Those in the insurance sector live or die by their appreciation and calibration of the risks they cover for various types of customers and counterparties. But many don’t have the data that enables them to properly manage one of their own biggest risks – the sustainability of their revenue and relationships.
Any CEO or head of operations needs to understand this, and to think about how they monitor and manage the risk. Added to this, one of the key considerations of the ratings agencies is the ability of an insurer or broker to retain and develop client relationships.
Simply put, it’s important to measure the right things. We’ll give a couple of examples of this later, but let’s start with some of the barriers that stop boards accessing accurate insights. Given this is about the sustainability of relationships, the people who do have the knowledge about that are the customers or insureds themselves. But…the customer won’t always tell you. Why not?
Sometimes it’s human nature – it’s difficult to say something to the main contact. This doesn’t necessarily mean a problem as they may find it hard to be frank about both the really good aspects of your organisation as well as the weaknesses. They may also struggle to be totally frank with the main contact about the quality of the service provided.
Ironically this will be particularly true just at the time when you would find it more useful – when there are issues which might impact the share of risk they give you.
Added to this, relationship managers can find it difficult to ask for “quantitative” data about the customer’s views on performance, how healthy the relationship is or how well placed you are to insure the next relevant risk (for example). That makes it hard to track performance and take any corrective action needed.
Then the relationship manager won’t always tell their management. Why not?
As shown above, sometimes they won’t know or be able to find out, but internal dynamics also make it difficult for relationship managers to provide or pass on open and frank information about the firm’s or their colleague’s performance; or perhaps even more commonly, their own.
This is itself poses a major barrier to getting the management insight you really need.

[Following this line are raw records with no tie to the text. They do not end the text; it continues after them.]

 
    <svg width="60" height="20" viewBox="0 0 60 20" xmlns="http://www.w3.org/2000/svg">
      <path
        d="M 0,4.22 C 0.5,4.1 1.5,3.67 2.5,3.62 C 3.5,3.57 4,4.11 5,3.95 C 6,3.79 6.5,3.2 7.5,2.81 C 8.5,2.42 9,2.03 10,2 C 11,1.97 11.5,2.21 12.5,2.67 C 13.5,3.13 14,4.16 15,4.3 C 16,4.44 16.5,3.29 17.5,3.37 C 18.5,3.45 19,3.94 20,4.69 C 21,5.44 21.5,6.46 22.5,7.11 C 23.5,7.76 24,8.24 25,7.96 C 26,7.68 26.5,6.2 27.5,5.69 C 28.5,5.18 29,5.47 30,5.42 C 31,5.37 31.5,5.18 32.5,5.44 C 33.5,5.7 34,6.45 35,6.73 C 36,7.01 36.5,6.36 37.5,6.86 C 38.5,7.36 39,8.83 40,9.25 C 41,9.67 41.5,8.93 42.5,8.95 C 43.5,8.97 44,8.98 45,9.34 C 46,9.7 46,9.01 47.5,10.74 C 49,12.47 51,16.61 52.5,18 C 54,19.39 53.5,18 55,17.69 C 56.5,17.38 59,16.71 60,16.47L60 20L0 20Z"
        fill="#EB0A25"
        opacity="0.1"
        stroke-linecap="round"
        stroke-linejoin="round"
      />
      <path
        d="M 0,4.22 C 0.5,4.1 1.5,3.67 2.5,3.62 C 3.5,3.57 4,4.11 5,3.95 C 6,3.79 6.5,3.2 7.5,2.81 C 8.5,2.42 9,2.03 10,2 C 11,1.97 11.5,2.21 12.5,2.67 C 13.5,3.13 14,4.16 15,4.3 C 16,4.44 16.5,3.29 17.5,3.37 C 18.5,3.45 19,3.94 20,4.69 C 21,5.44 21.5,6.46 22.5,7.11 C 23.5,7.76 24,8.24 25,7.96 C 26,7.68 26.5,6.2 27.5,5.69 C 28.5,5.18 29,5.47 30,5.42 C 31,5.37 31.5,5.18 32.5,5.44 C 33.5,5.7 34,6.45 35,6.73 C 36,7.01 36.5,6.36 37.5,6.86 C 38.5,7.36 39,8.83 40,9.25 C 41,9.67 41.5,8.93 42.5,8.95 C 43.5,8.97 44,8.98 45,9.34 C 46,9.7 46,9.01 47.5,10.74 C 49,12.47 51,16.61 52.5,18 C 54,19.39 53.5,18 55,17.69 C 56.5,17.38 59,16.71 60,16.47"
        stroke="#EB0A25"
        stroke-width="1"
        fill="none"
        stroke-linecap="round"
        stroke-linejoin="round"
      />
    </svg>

One other point is really worth remembering. If the insight resides just in the relationship manager’s head, the organisation as a whole will always struggle to use it. The alternative – if the relationship manager remains the sole route for insight – is to expect them to document and collate the insights they gain from customers in a way that the whole organisation or specific team can use. That’s time consuming and diverts them from their efforts in generating more business. The result is that they’re unlikely to do it effectively.
And intermediaries won’t always tell you. Why not?
Intermediaries inevitably filter information about what clients want. Their filter is always going to be about what they think would be useful for you to know (or what is in their interest for you to know). Thus intermediary insight is only a partial view of what drives the customer use of any insurer or reinsurer; and this inevitably creates a risk.
All of these barriers can be broken down with a well-constructed, cost-effective customer feedback programme.
We mentioned a couple of examples earlier.
A study commissioned a few years’ ago by Standard & Poor’s, looking into the ways in which major European companies selected and evaluated lead insurers, found that the most important difference between the first choice lead insurer and others was international footprint. For casualty insurance, it was headline price. This was something that only the underlying analysis identified and was not something that was overtly known by the insurers being evaluated.
We recently completed a project for a multi-regional reinsurer which was focusing its internal improvement efforts on pure speed of response – not only in claims management but when responding to newly offered business. But its feedback programme found that the “quality” of response was also critically important, sometimes described as “willingness to find a solution”. Put very simply, a “no” with a 3 hour response time was of much less value – to the client and to them in gaining share of risk – than a “not on this basis…but if you change this term…” with a 5 hour response rate. Focusing solely on speed on response as a measure encouraged the wrong behaviour.